Records for the task:
=== Begin Enclosure ===
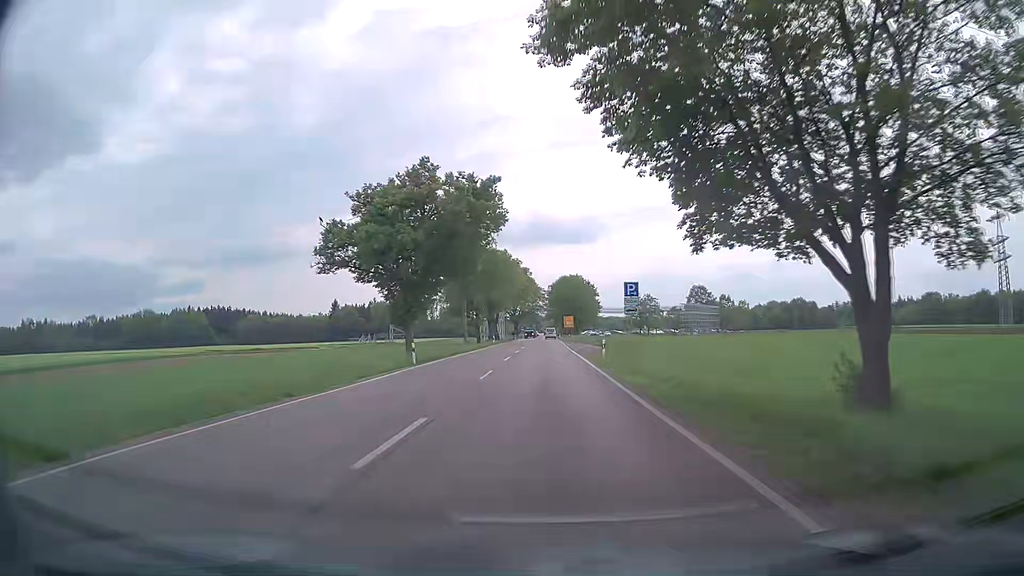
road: secondary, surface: asphalt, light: Day
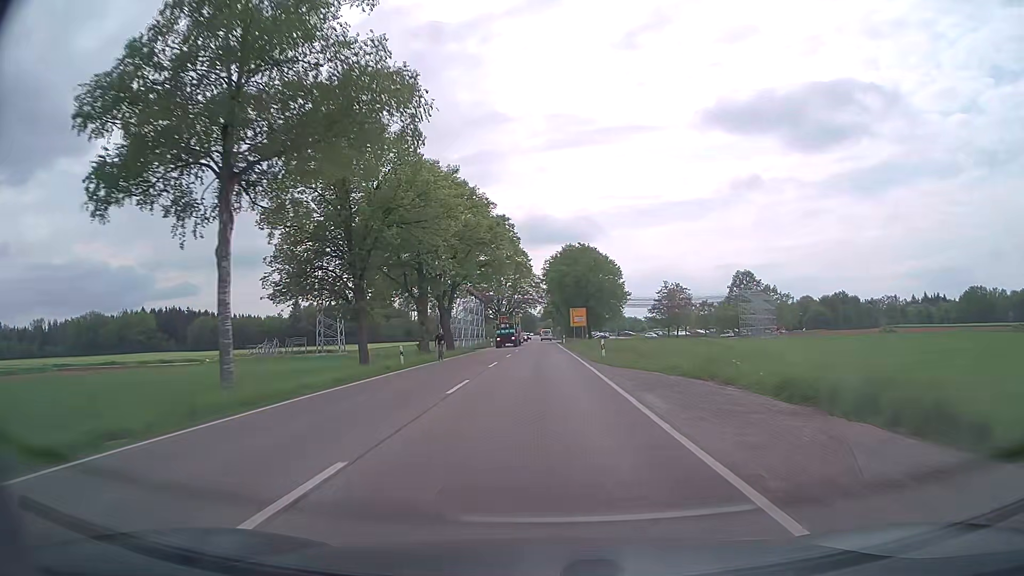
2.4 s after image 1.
(+0.3, +52.9) m; 0°
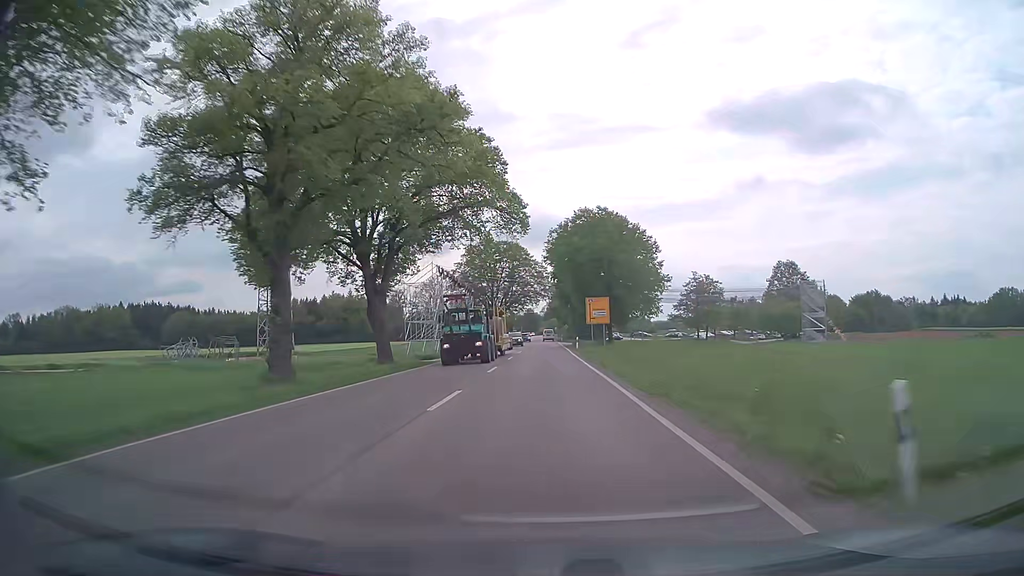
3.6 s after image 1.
(-0.1, +26.7) m; 0°
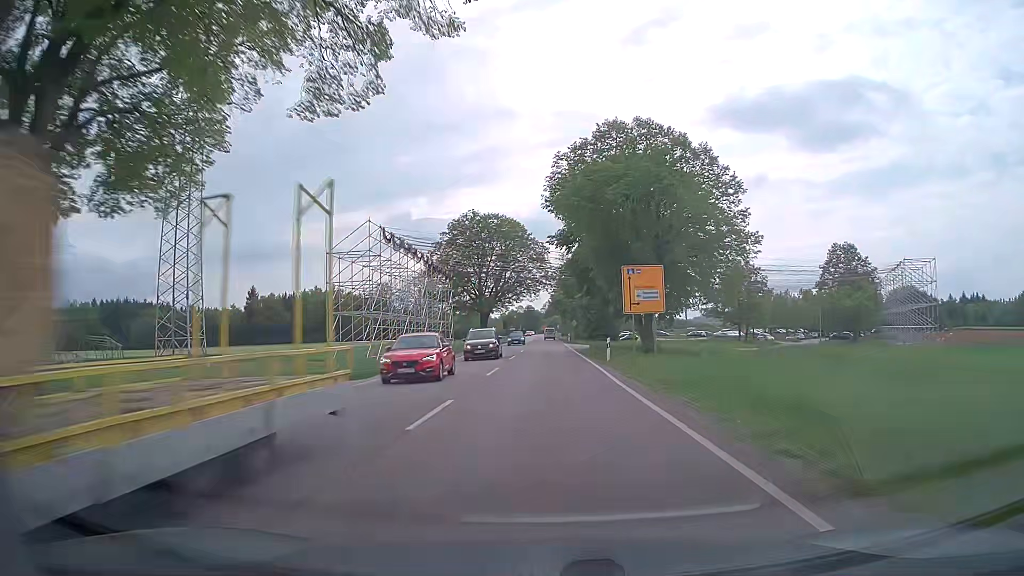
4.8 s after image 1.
(-0.1, +26.8) m; 0°
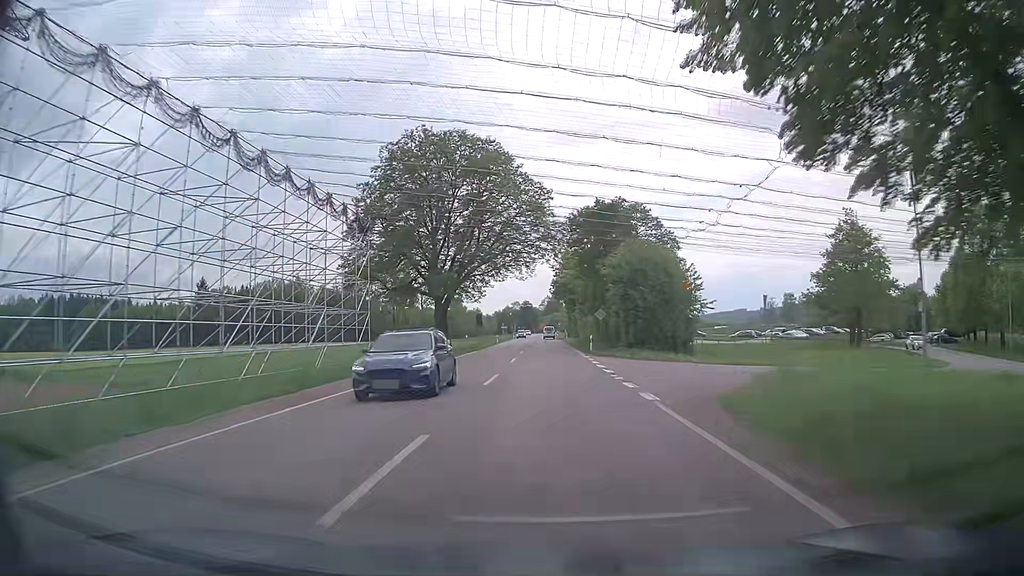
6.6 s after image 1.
(-0.3, +40.5) m; 0°
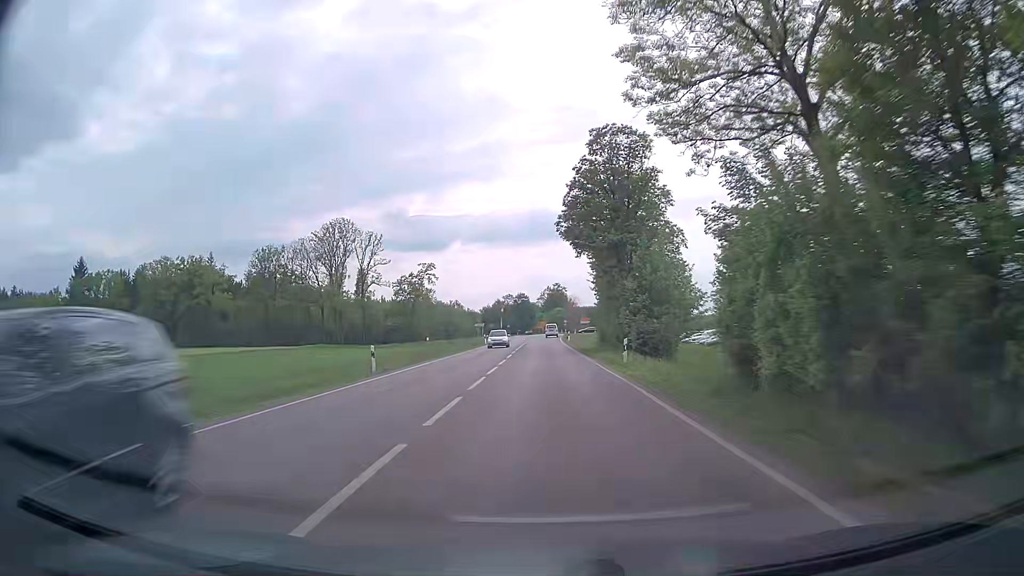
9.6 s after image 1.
(+0.2, +67.0) m; +1°
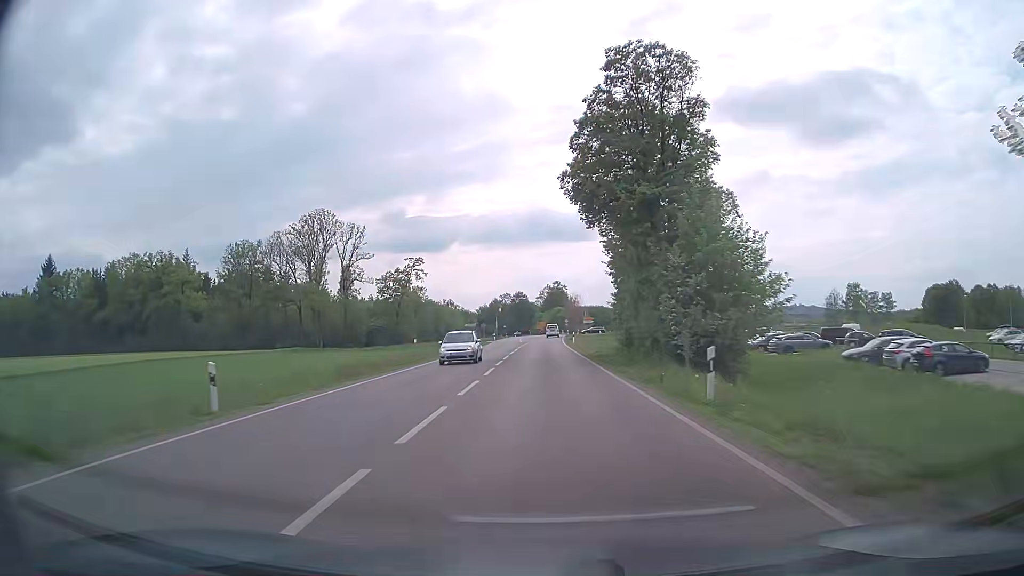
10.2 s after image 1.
(-0.1, +12.9) m; 0°
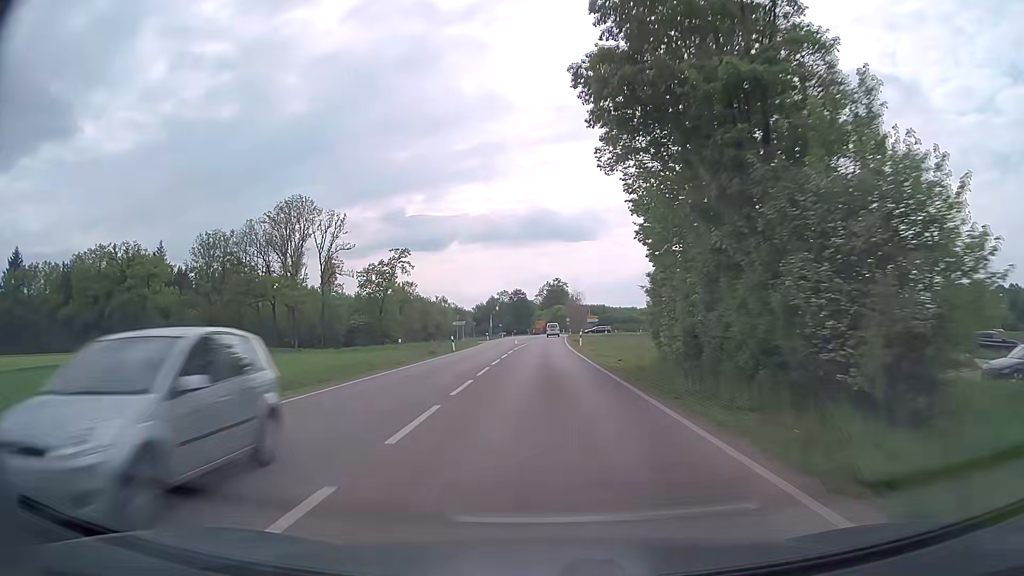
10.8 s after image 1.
(0.0, +12.7) m; 0°
(0, +10) (0, +20) (0, +30) (0, +40) (0, +50) (0, +60) (+1, +70) (+1, +80) (+1, +90) (+1, +100) m
=== End Enclosure ===
Exercise details: Starting with the line containing "6.6 s after image 1." and ending with the last line of the records above, write out each line exactly; no pictures.

Output for this exercise:
6.6 s after image 1.
(-0.3, +40.5) m; 0°
9.6 s after image 1.
(+0.2, +67.0) m; +1°
10.2 s after image 1.
(-0.1, +12.9) m; 0°
10.8 s after image 1.
(0.0, +12.7) m; 0°
(0, +10) (0, +20) (0, +30) (0, +40) (0, +50) (0, +60) (+1, +70) (+1, +80) (+1, +90) (+1, +100) m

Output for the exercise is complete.